Die Schlüssel aus der Jeans zu holen war die viel größere Hürde. Das Fahren geht ja fast von alleine. Ich muss nur manchmal lenken und um die Uhrzeit interessiert sich eh keiner mehr für die Lichter. Und so bin ich innerhalb von nur Zehn Minuten bei Ricos Wohnung. Als ich aussteige, erinnere ich mich noch grade so dran, dass ich abschließen muss. Ich hab ihm zwar nicht geschrieben, aber die Klingel wird ja wohl funktionieren. Also klingle ich einfach ein paar Mal, bis die Sprechanlage sich einschaltet. Rico hört sich seltsamer Weise gar nicht müde an. „Hallo? Wer ist da?" Ich räuspere mich, atme tief ein, in der Hoffnung den Alkohol aus meinem Blut zu atmen, dann lehn ich mich vor den Lautsprecher. „Ich bin's."
„Edmond!"
„Mach dir Tür auf und lass mich rein. Ich muss dir was zeigen." Wow ,bin ich gut darin meine Stimme nüchtern klingen zu lasse.

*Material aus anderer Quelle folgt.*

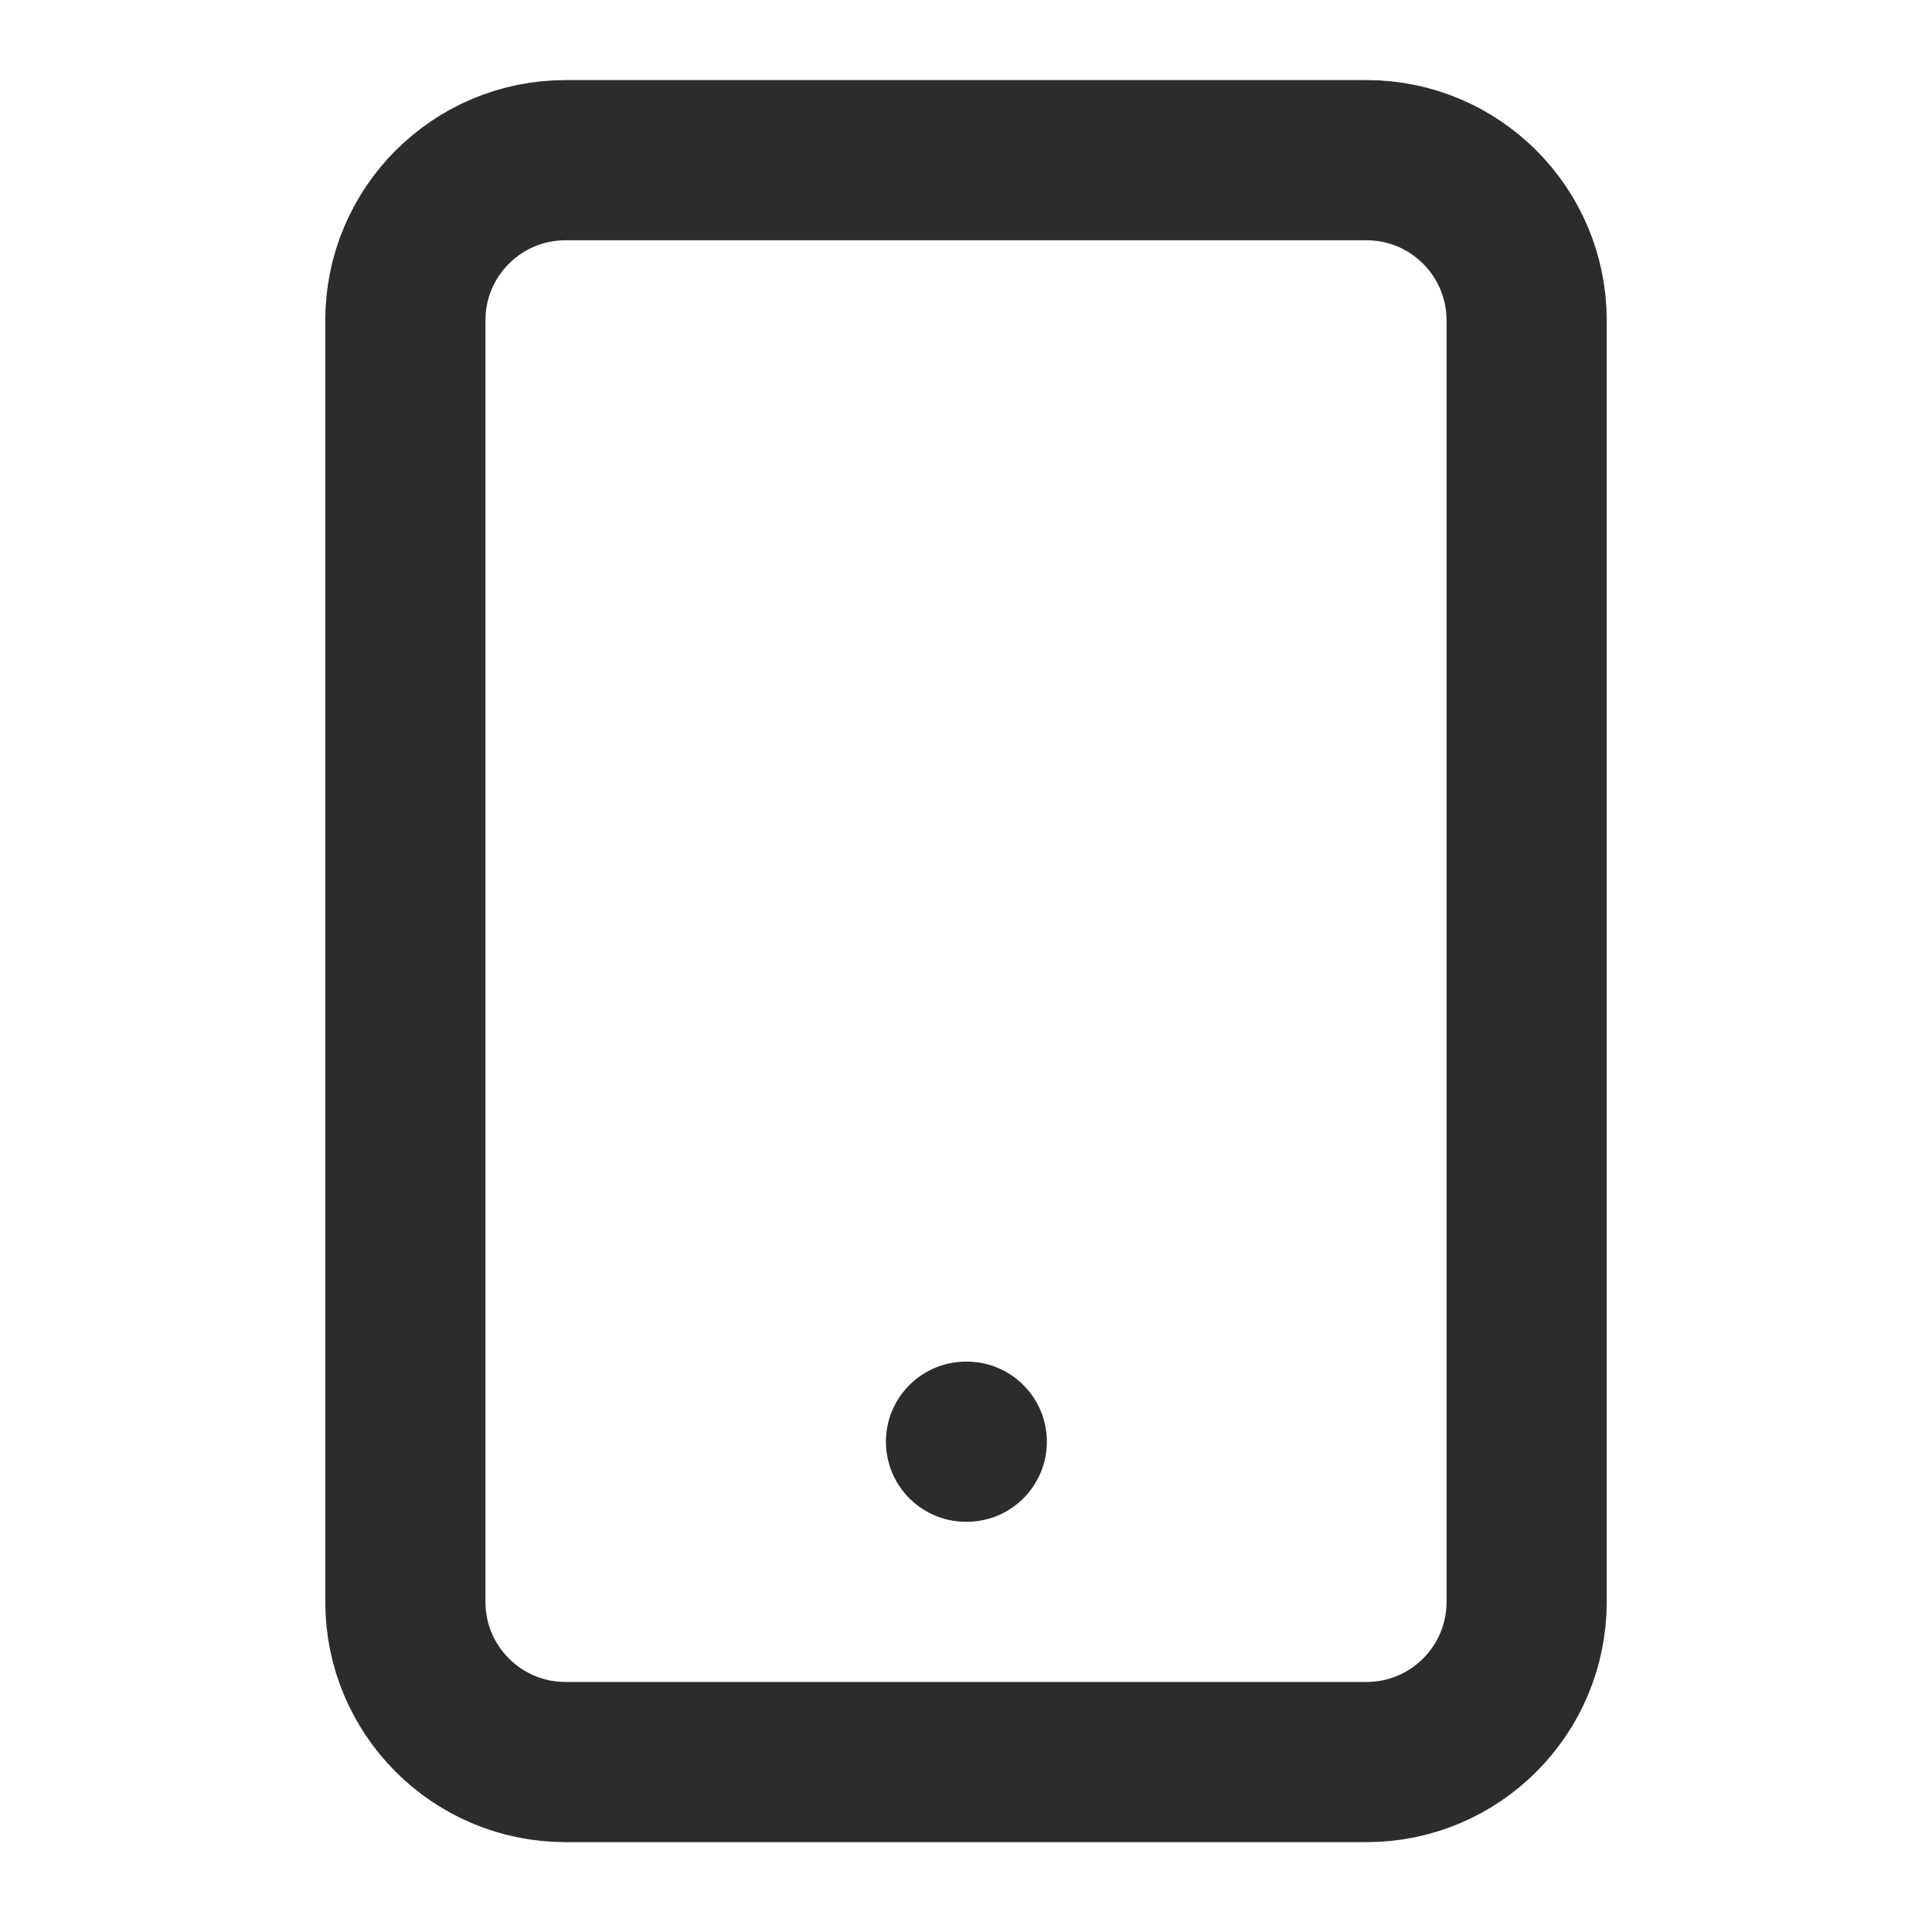 <svg width="64" height="64" viewBox="0 0 64 64" fill="none" xmlns="http://www.w3.org/2000/svg">
<path d="M45.266 5.306H18.734C15.803 5.306 13.428 7.682 13.428 10.613V53.064C13.428 55.995 15.803 58.37 18.734 58.37H45.266C48.197 58.37 50.572 55.995 50.572 53.064V10.613C50.572 7.682 48.197 5.306 45.266 5.306Z" stroke="#2C2C2C" stroke-width="5.306" stroke-linecap="round" stroke-linejoin="round"/>
<path d="M32 47.758H32.026" stroke="#2C2C2C" stroke-width="5.306" stroke-linecap="round" stroke-linejoin="round"/>
</svg>

Rico drückt, ohne irgendwas weiter zu fragen die Tür auf und ich stürme sofort hinein und die Treppen rauf. Oben angekommen, steht Rico nur in Schlafanzug Hose in der Eingangstür. Ich sehe Erleichterung und Verwunderung in seinem Gesicht, aber nicht die Gefühle oder Eindrücke interessieren mich jetzt, sondern viel mehr, er. Ohne Vorwarnung, Pause oder halt zu machen, stürze ich mich auf ihn. Sein Körper prallt mit meinem gegen die Wand im Flur, aber er steigt auf der Stelle in den Kuss mit ein. Ich sehe nichts mehr und spüre nur noch ihn. Mein Bein schiebe ich zwischen seine, um ihn genau da zu behalten, während meine Hände sich durch seine Locken arbeiten. „Du schmeckst so gut.", murre ich zwischen Küssen. Die Tür neben uns knallt zu, Rico muss sie zugetreten haben. Es legen sich im nächsten Moment zwei Arme um mich, die eine Hand landet auf meinem Hinterkopf. „Und du nach Alkohol.", antwortet er genauso unverständlich.